◆ **WORK ITEM**:
Until the line containing "## Action Space" has been reproduced, keep reproducing each line of the material below exactly, starting with the first.

+ + +

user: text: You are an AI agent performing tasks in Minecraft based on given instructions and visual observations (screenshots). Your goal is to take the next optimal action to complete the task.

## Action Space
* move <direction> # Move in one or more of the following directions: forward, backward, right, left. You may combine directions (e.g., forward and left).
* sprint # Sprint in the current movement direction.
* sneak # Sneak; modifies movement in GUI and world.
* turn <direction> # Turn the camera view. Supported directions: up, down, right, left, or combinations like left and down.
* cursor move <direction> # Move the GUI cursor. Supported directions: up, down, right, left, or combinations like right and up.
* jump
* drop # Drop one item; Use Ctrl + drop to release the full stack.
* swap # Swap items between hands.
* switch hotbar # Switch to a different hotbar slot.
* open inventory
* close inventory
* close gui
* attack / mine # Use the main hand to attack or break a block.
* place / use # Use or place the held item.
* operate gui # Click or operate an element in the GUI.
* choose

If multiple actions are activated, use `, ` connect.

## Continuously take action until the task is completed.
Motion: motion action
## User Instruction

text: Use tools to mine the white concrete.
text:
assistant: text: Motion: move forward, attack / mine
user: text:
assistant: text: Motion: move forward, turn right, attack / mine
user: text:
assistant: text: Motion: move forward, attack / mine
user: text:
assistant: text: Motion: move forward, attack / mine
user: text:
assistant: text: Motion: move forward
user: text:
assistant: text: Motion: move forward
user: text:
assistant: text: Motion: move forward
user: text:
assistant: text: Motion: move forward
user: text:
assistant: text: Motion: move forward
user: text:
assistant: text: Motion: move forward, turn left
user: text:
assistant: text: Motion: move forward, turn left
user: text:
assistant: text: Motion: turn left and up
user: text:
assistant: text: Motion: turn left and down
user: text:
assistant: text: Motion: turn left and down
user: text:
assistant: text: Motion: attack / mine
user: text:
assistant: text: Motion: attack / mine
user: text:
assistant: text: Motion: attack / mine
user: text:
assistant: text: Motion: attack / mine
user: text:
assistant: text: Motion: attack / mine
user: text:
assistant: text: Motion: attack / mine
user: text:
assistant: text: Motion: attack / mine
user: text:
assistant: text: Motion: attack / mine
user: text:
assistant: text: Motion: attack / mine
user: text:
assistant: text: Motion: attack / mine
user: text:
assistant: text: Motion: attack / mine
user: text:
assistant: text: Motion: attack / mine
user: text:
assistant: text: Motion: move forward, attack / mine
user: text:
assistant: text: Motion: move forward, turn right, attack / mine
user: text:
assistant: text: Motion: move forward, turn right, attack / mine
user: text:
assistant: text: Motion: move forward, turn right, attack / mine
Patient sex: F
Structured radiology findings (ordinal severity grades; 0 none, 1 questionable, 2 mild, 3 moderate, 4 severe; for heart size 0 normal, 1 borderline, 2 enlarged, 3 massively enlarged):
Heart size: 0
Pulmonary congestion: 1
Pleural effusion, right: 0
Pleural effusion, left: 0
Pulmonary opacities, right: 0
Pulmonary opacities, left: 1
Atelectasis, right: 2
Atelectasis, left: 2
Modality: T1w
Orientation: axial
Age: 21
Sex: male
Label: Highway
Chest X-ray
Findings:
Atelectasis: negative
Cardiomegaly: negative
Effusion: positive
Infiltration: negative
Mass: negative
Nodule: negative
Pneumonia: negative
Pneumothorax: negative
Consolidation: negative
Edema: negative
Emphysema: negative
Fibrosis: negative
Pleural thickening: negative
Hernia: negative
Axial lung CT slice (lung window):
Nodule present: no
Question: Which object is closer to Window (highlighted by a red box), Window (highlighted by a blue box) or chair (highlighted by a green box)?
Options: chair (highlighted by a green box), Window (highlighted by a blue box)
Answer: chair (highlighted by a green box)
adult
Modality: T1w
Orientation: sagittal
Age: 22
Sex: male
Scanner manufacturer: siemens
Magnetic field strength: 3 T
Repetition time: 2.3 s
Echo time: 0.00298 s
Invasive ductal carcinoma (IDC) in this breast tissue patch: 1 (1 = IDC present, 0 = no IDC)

+ + +

◆ **ANSWER SECTION**:
user: text: You are an AI agent performing tasks in Minecraft based on given instructions and visual observations (screenshots). Your goal is to take the next optimal action to complete the task.

## Action Space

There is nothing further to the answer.